CREATE TABLE [rpl].[ColumnList](
[Id] [bigint] IDENTITY(1,1) NOT NULL PRIMARY KEY,
[TableId] [bigint] NULL,
[ColumnName] [sysname] NOT NULL,
[StatusId] [bit] NULL,
[DataType] [sysname] NULL,
[Width] [int] NULL
)
Use the below additional queries to prepare data for this demo.
INSERT INTO rpl.TableList (SchemaName, TableName, ColumnDelimiter, TextQualifier, ReplicationType, ReplicationDirection, StatusId)
VALUES ('Person','Person','Comma','_x0022_',1,'Export',1),
('Production','Product','Comma','_x0022_',1,'Export',1)
INSERT INTO rpl.ColumnList(TableId, ColumnName, StatusId, DataType, Width)

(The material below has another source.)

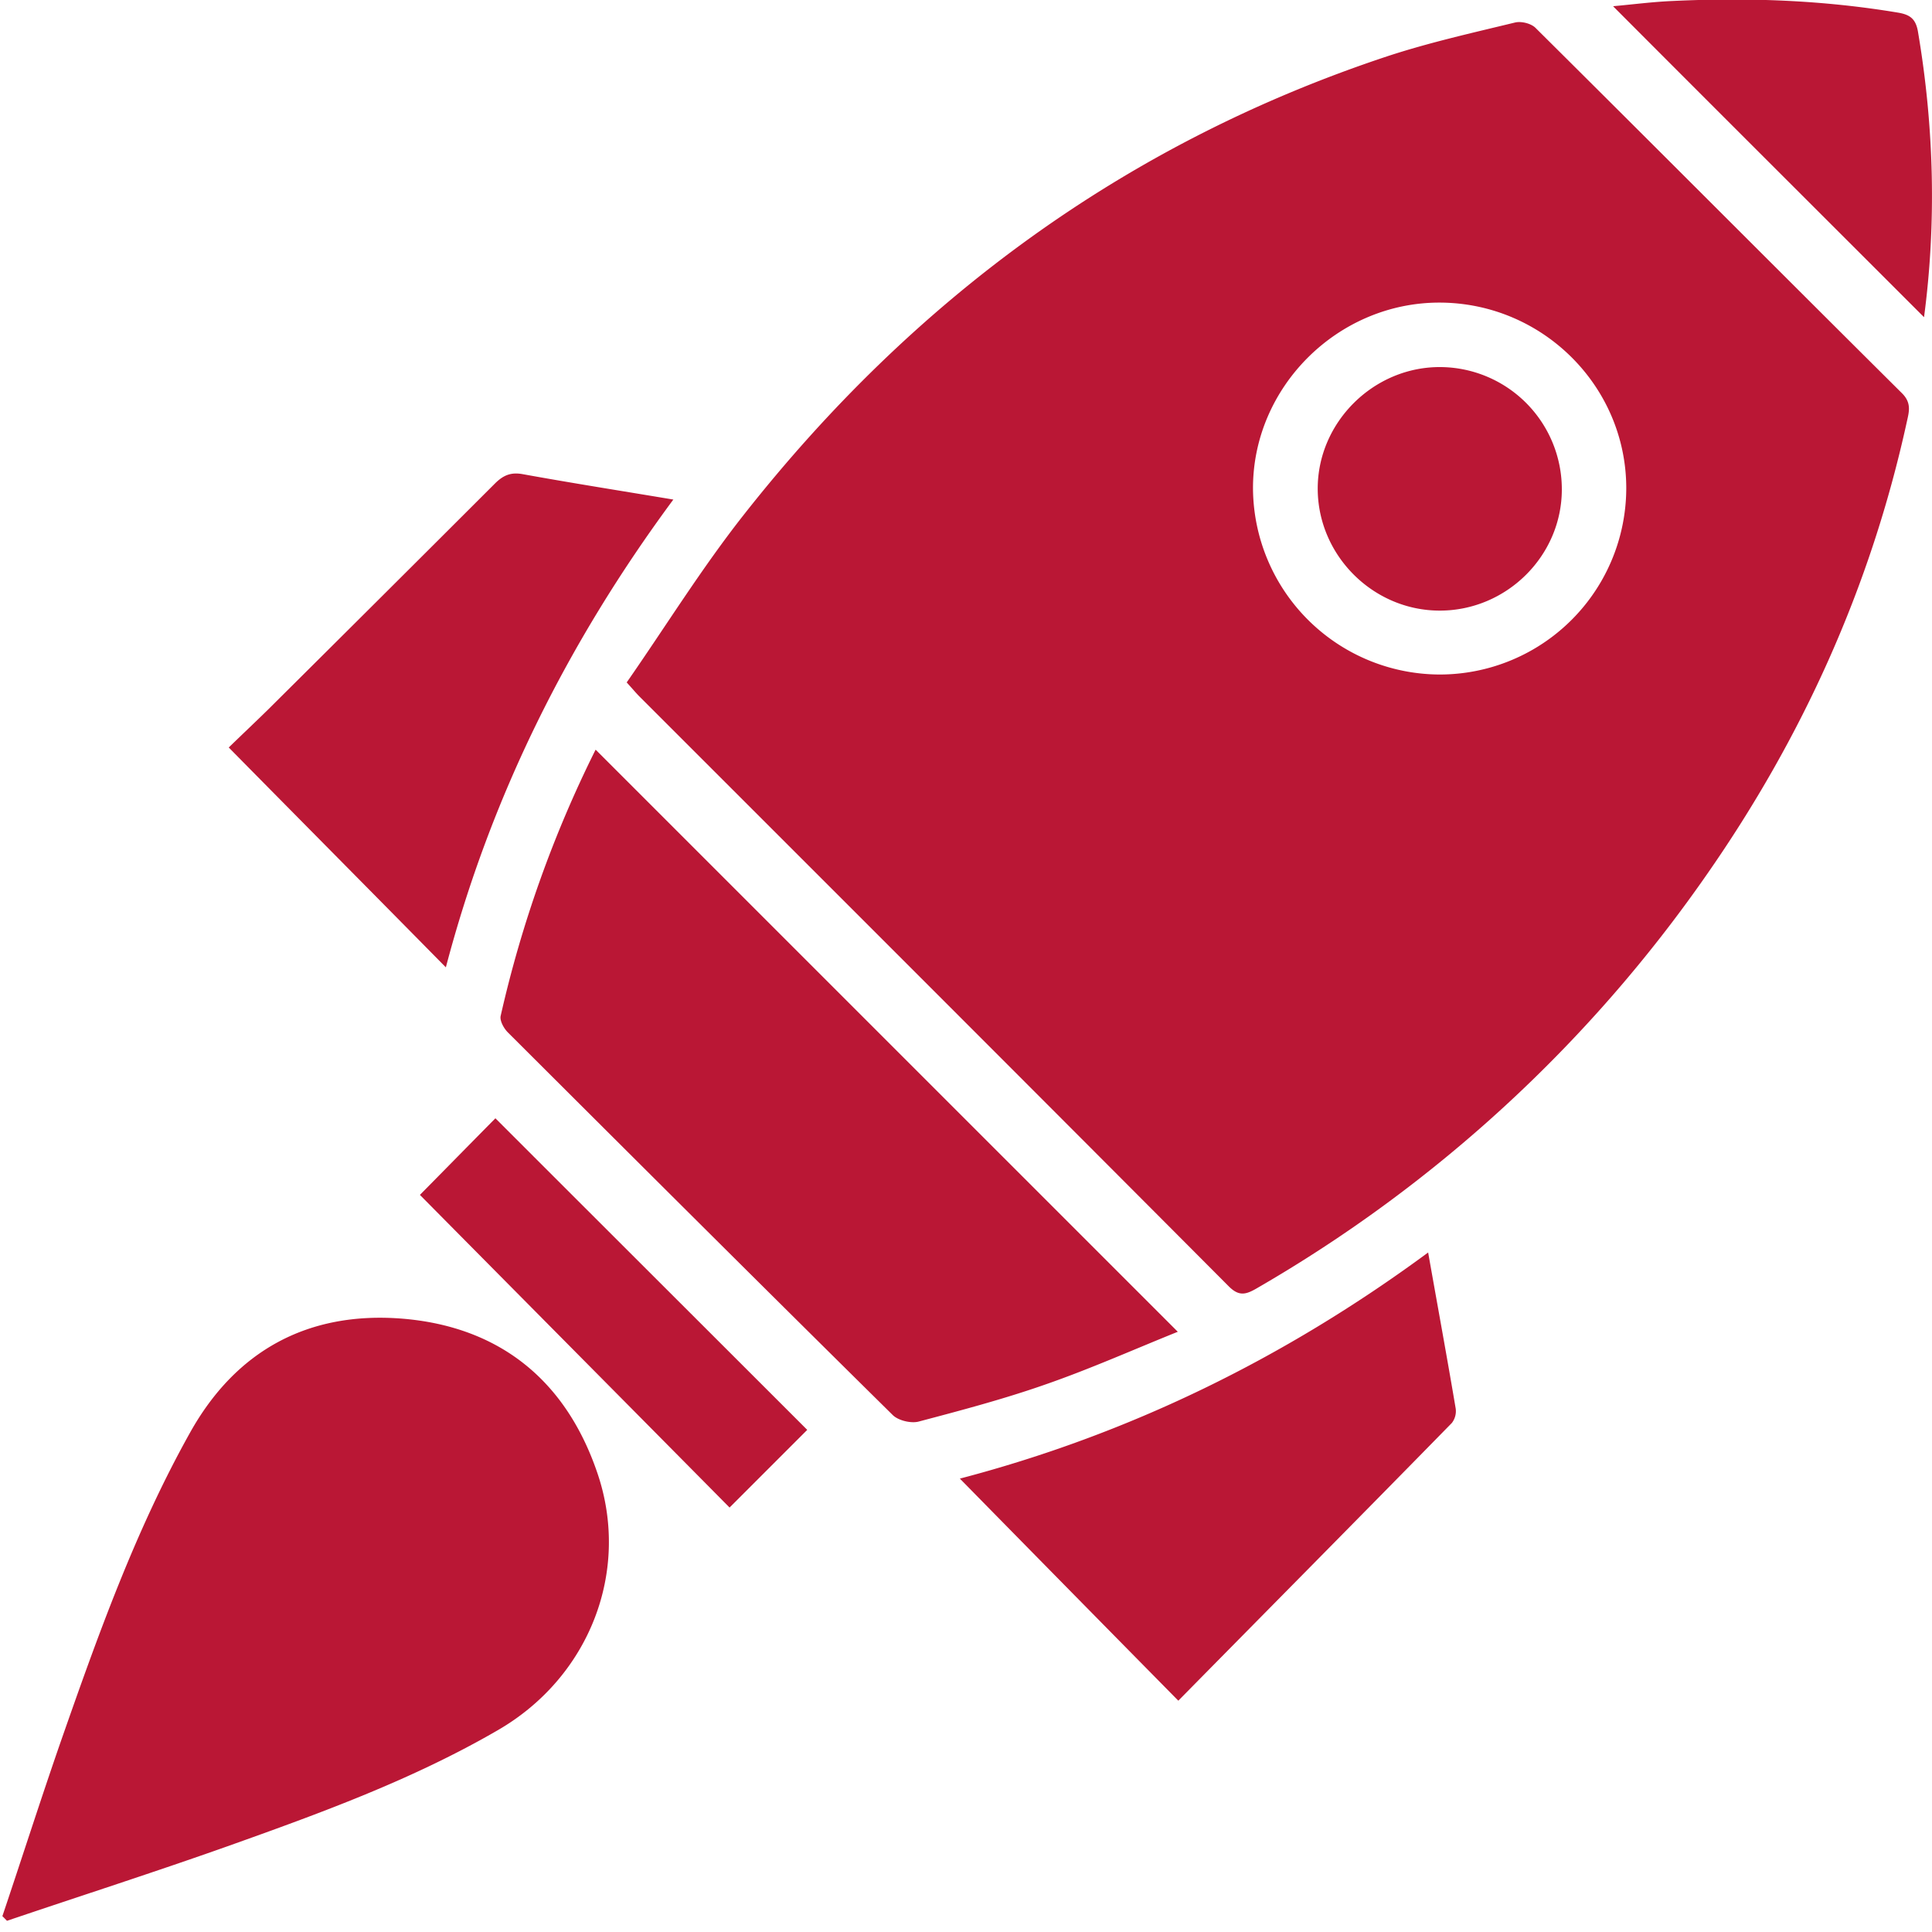 <svg xmlns="http://www.w3.org/2000/svg" width="40" height="40" fill="none"><g fill="#BA1735" clip-path="url(#a)"><path d="M12.978 14.125c.798-1.147 1.546-2.356 2.418-3.463 3.508-4.46 7.91-7.7 13.324-9.496.867-.285 1.762-.485 2.652-.701.13-.029.336.022.427.12 2.533 2.515 5.048 5.041 7.58 7.557.206.205.143.393.097.604-.747 3.405-2.156 6.52-4.146 9.371a29 29 0 0 1-9.308 8.555c-.234.137-.377.171-.593-.051-4.056-4.072-8.122-8.133-12.189-12.2-.068-.068-.13-.143-.268-.296zm20.692-4.016c0-2.11-1.728-3.832-3.85-3.844-2.121-.011-3.89 1.751-3.878 3.861a3.877 3.877 0 0 0 3.855 3.839 3.863 3.863 0 0 0 3.873-3.861zM.048 39.676c.405-1.203.793-2.418 1.209-3.616.764-2.184 1.54-4.363 2.675-6.394.952-1.71 2.452-2.515 4.38-2.366 2.02.16 3.4 1.271 4.055 3.194.696 2.036-.165 4.231-2.059 5.327-1.768 1.026-3.684 1.722-5.606 2.407-1.512.536-3.04 1.026-4.557 1.54l-.091-.092zM12.333 15.522l12.052 12.051c-.896.36-1.803.765-2.738 1.09-.861.302-1.745.536-2.63.77-.159.04-.421-.023-.535-.137-2.664-2.63-5.316-5.276-7.968-7.922-.086-.086-.171-.245-.148-.342a24.4 24.4 0 0 1 1.962-5.504zM29.569 25.936c.2 1.13.393 2.18.57 3.229a.4.4 0 0 1-.08.296c-1.882 1.922-3.775 3.833-5.663 5.75a3115 3115 0 0 1-4.523-4.598c3.48-.912 6.702-2.475 9.696-4.682zM13.936 10.349c-2.196 2.971-3.781 6.165-4.705 9.679-1.5-1.523-2.983-3.018-4.495-4.552.24-.234.53-.507.816-.787q2.35-2.334 4.694-4.677c.177-.177.336-.24.582-.194 1.01.183 2.024.343 3.114.525zM8.694 24.739c.468-.474 1.038-1.055 1.563-1.586 2.145 2.145 4.312 4.307 6.456 6.451l-1.608 1.608c-2.133-2.156-4.3-4.34-6.417-6.479zM33.402.128c.388-.034.816-.091 1.237-.108 1.558-.074 3.109-.017 4.649.24.245.04.376.12.422.399.336 1.984.382 3.97.125 5.908-2.127-2.127-4.272-4.266-6.433-6.433z"/><path d="M32.336 10.132c0 1.38-1.147 2.51-2.527 2.51s-2.521-1.141-2.527-2.516c-.006-1.385 1.164-2.543 2.555-2.526a2.53 2.53 0 0 1 2.499 2.532"/></g><defs><clipPath id="a"><path fill="#fff" d="M0 0h40v40H0z"/></clipPath></defs></svg>

VALUES (1, 'PersonType',1,'String',2),
(1, 'FirstName',1,'String',50),
(2, 'Name',1,'String',50),
(2, 'ProductNumber',1,'String',25)
Building the BIML File
After adding a new file, click on BimlScript.biml file under the Miscellaneous.
C# Code
- Use
<#@ .. #>
control nugget to import necessary namespaces and assembly. For this sample, we define template language and importingdata
namespace.
<#@ template language="C#" hostspecific="true"#>
<#@ import namespace="System.Data" #>
- In a new control nugget
<# ... #>
, define variables that we need for this sample. We create separate variables for connection strings and queries. We have 2 variables for Columns and they areColumnListQuery
andColumnListQueryRaw
.ColumnListQueryRaw
is for an original query that we need to use the same a couple of times andColumnListQuery
will keep the completed query which will be generated with table id in the loop
var ReplicationServer = ".";
var ReplicationCatalog = "ReplicationDB";
var SourceServer = ".";
var SourceCatalog = "AdventureWorks2019";
var OutboundDirectory = @"C:\FTP\Demo\outbound\";
string TableListQuery;
string ColumnListQueryRaw;
string ColumnListQuery;
DataTable columns;
- In the same control nugget, generating SQL Queries for both table and metadata of them.
TableListQuery =
@"SELECT
tbl.Id
, SchemaAndTableName = '[' +tbl.SchemaName + '].[' + tbl.TableName + ']'
, tbl.TableName
, tbl.ColumnDelimiter
, tbl.TextQualifier
FROM rpl.TableList tbl
Join dbo.Status sts On tbl.StatusId = sts.Id
Where tbl.ReplicationDirection ='Export' And sts.Name='Active'";
ColumnListQueryRaw =
@"SELECT
clm.ColumnName
, clm.DataType
, clm.Width
FROM rpl.ColumnList clm
Join dbo.Status sts On clm.StatusId = sts.Id
Where sts.Name='Active' And TableId = ";
- Continue to build the connection string and reading table list in the same control nugget.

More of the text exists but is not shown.